蘇梓汐很討厭事情沒有按照她設想的走,可是對方是活生生的人並不是可以供她操控的木偶,這種失控感讓她煩躁。
甚至是不願意再短時間裡面對寧舒。
房門處傳來聲響,放在被衾上的玉手因為聽到聲響不由自主的收攏蜷縮,溫涼滑膩的綢緞錦被面被她抓在手中。
寧舒手裡端著碗盞,青色的碗盞映襯著碗中黑褐色的藥汁越發的深只是瞧著便會覺得苦澀不看不願意再看第二眼。
她的視線落在了倚靠在床邊軟枕之上的女子身上,雪白的褻衣略顯鬆垮,當然可能是因為她沒有將梓汐照顧好,讓女子本就瘦弱的身體越發的削瘦。
肌膚白皙的宛如柔美清新的梔子花,散發著女兒家特有的馨香,眉眼溫軟看起來格外的軟和好欺負,好像沒有脾氣般可以任人揉搓。
指腹微動有些發癢,視線上移落在了女子蒼白的臉上,養了幾日終是沒有白費兩頰有了血色,看起來比之前幾日好了太多。
烏鴉鴉的青絲隨著女子螓首低眉從肩膀處滑落,更顯得孱弱、病態。

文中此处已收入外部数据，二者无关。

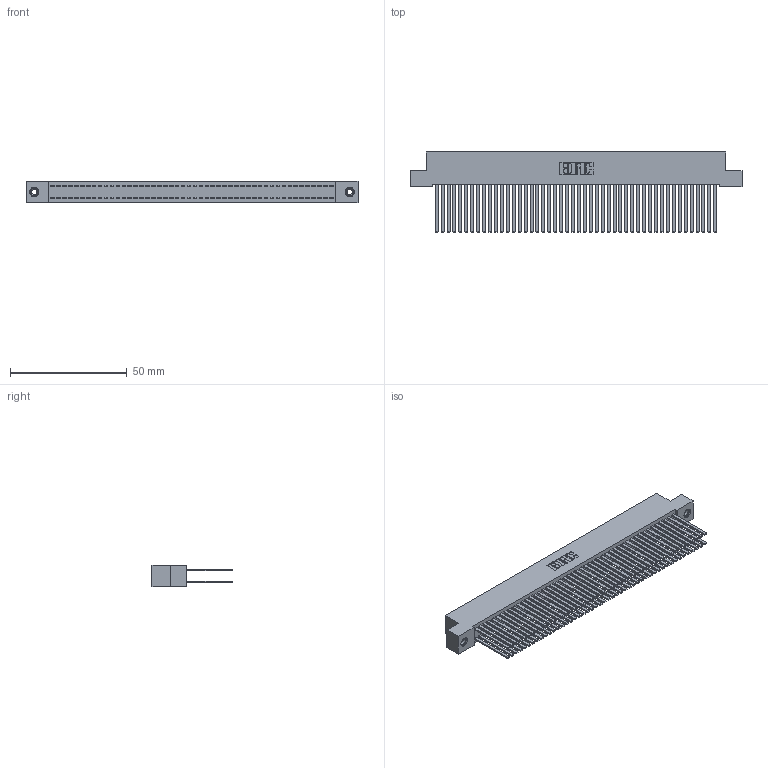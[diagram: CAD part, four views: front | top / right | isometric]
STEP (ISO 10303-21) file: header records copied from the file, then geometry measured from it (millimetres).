
FILE_DESCRIPTION (( 'STEP AP203' ), '1' );
FILE_NAME ('392-096-544-208.STEP', '2019-10-09T19:57:32', ( '' ), ( '' ), 'SwSTEP 2.0', 'SolidWorks 2016', '' );
FILE_SCHEMA (( 'CONFIG_CONTROL_DESIGN' ));
Length unit declared in the file: inch
Products named in the file (4): 345-292-001_345-293-144; 345-250-001_345-250-003-102; 392-096-544-208; 342 Part_TI
Assembly tree (99 placements, depth 2):
  392-096-544-208
    342 Part_TI
    345-292-001_345-293-144  x96
    345-250-001_345-250-003-102  x2
Bounding box: 142.24 x 34.3 x 9.4 mm (x, y, z)
Volume: 14148.7 mm3; surface area: 26915.5 mm2
Topology: 99 solids, 99 shells, 4586 faces, 13587 edges, 8922 vertices
Faces by surface type: plane 3170, cylinder 1400, cone 12, torus 4
Entity records: 30974 total; most frequent: CARTESIAN_POINT 5105, ORIENTED_EDGE 5034, DIRECTION 4379, EDGE_CURVE 2517, VECTOR 2373, LINE 2373, VERTEX_POINT 1672, AXIS2_PLACEMENT_3D 1003

讓人生出無限的愛憐想要將其細緻呵護再也不受一點兒傷害。
“梓汐……”她的嗓音沙啞,並不是乾燥的而是因為沉默太久沒有說話。
能夠清楚的看到女子因為她的呼喚而蜷縮的柔荑,卻自始至終都沒有抬眸看自己一眼。
苦澀與鈍疼從胸膛處蔓延,這樣的情緒很快的感染全身,讓她煩躁、不知所措。
鼻翼隱隱泛酸,喉嚨發癢,那種難過的情緒從四面八方撲了過來很快的將她裹挾成為俘虜。
她的視線緊緊地盯著腳踏繡鞋上的並蒂蓮花的圖案,像是要將它給盯的活過來般。
視線的餘光裡看到了身前的人端著碗盞,緩緩低下身半跪在她面前,她的眼神是那樣的哀愁,幽怨,那樣的纏綿繾綣猶如羅網無孔不入將她包裹在裡面,沒有任何反抗的餘地,就連忽視都做不到。
小心翼翼地伸出手去卻又恐梓汐厭惡,反感,生生的停在了離蘇梓汐纖柔玉指還有一根手指頭的距離,明明近在咫尺可是她卻不敢妄動半分。
眼中是肉眼可見的緊張無措,喉嚨乾乾澀澀的讓她不舒服,“梓汐,你看看我好不好。”
話語發顫,顯得孤立無助,惶恐不安到不知道該怎麼辦才好。
她並沒有其它任何的想法,她只想梓汐看看自己。可是梓汐從醒來便不肯看自己,即便是視線對上也會淡漠的移開。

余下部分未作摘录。